===== Supplied information =====

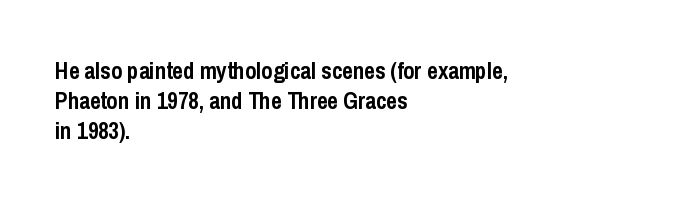
The image shows 23 px bold type, upright; set left-aligned, normal line spacing (1.3x), normal letter spacing, not underlined.
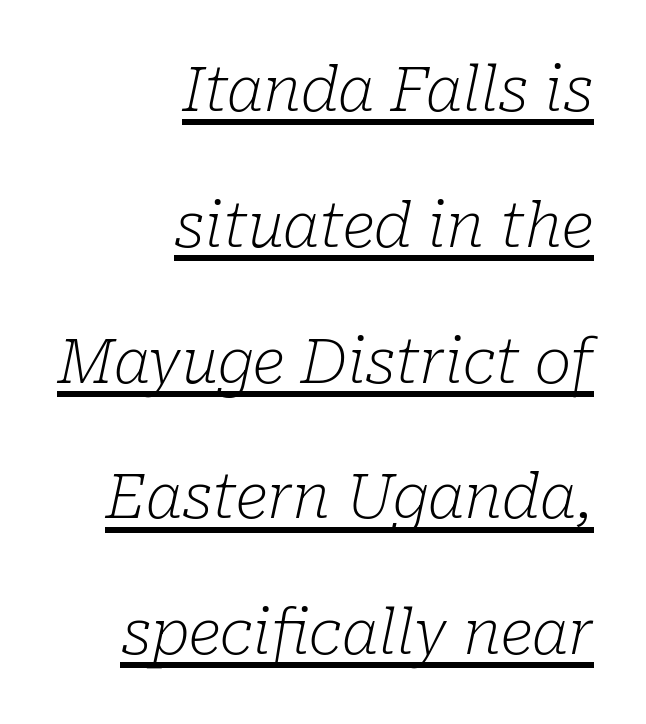
One glance says open: line gaps are wider than usual. Typeset ragged left — the right edge is the straight one. The gaps between neighbouring characters are ordinary and unremarkable. Note the varied advance widths — an 'i' is clearly narrower than an 'm'.
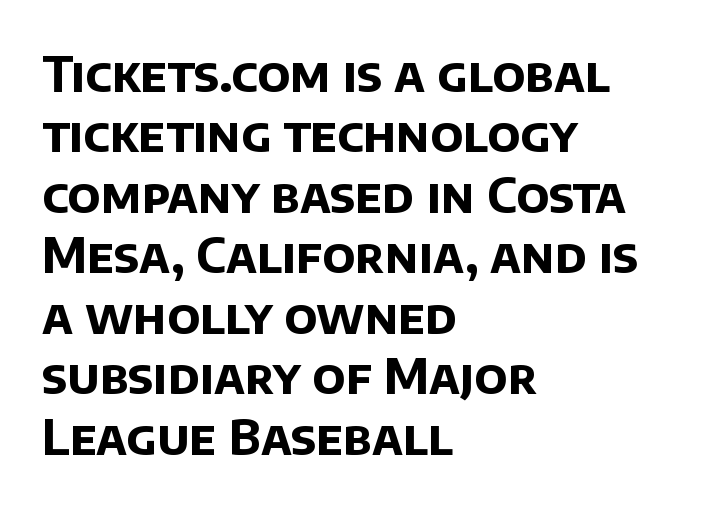
{"serif": "no", "bold": "yes", "weight": "bold", "width": "normal", "stroke_contrast": "low", "x_height": "large", "monospaced": "no", "underline": "no", "align": "left", "line_spacing": "normal", "line_spacing_ratio": 1.26, "letter_spacing": "normal", "letter_spacing_em": 0.0, "glyph_px": 48}
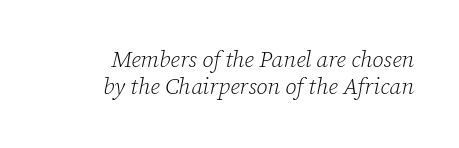
Q: Is the text bold? A: No.
Q: Is the text italic (slanted)? A: Yes, it leans right by about 12 degrees.
Q: Is the text underlined? A: No.
Q: How is the paragraph aligned? A: Right-aligned.
Q: Is the spacing between letters normal or unusually wide? A: Normal.

=====

The word "aligned" occurs on some lines of the entries. Work out how many such lines there are and reply with the number alone.

▶ _Output of the task_
2